● REQUIRED WORK:
An exact copy of the entries below is needed, with every picture left out.

Dataset entries
____________
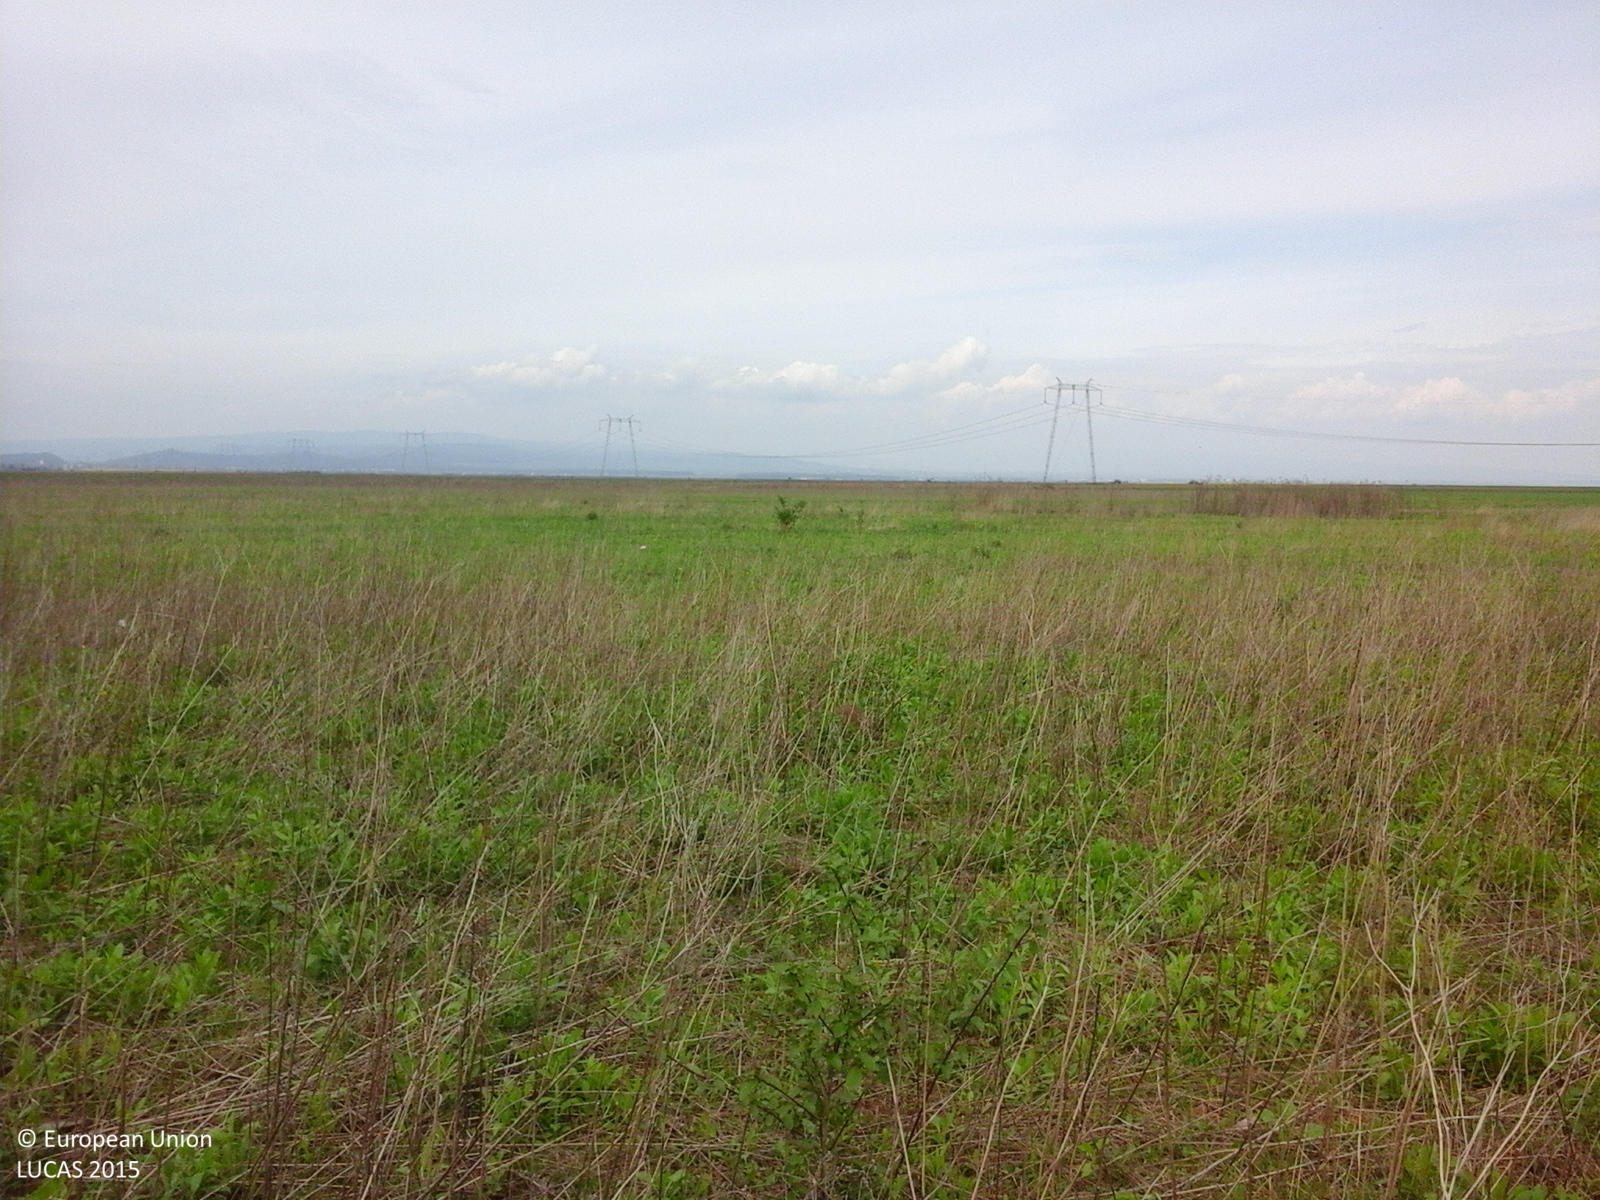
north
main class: Grassland
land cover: Grassland without tree/shrub cover
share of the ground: > 75 %
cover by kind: herbaceous plants 100 %
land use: Agriculture (excluding fallow land and kitchen gardens)
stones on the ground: 10 - 25 %
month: May
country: RO
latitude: 45.6380
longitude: 25.7201
____________
● TASK ANSWER:
north
main class: Grassland
land cover: Grassland without tree/shrub cover
share of the ground: > 75 %
cover by kind: herbaceous plants 100 %
land use: Agriculture (excluding fallow land and kitchen gardens)
stones on the ground: 10 - 25 %
month: May
country: RO
latitude: 45.6380
longitude: 25.7201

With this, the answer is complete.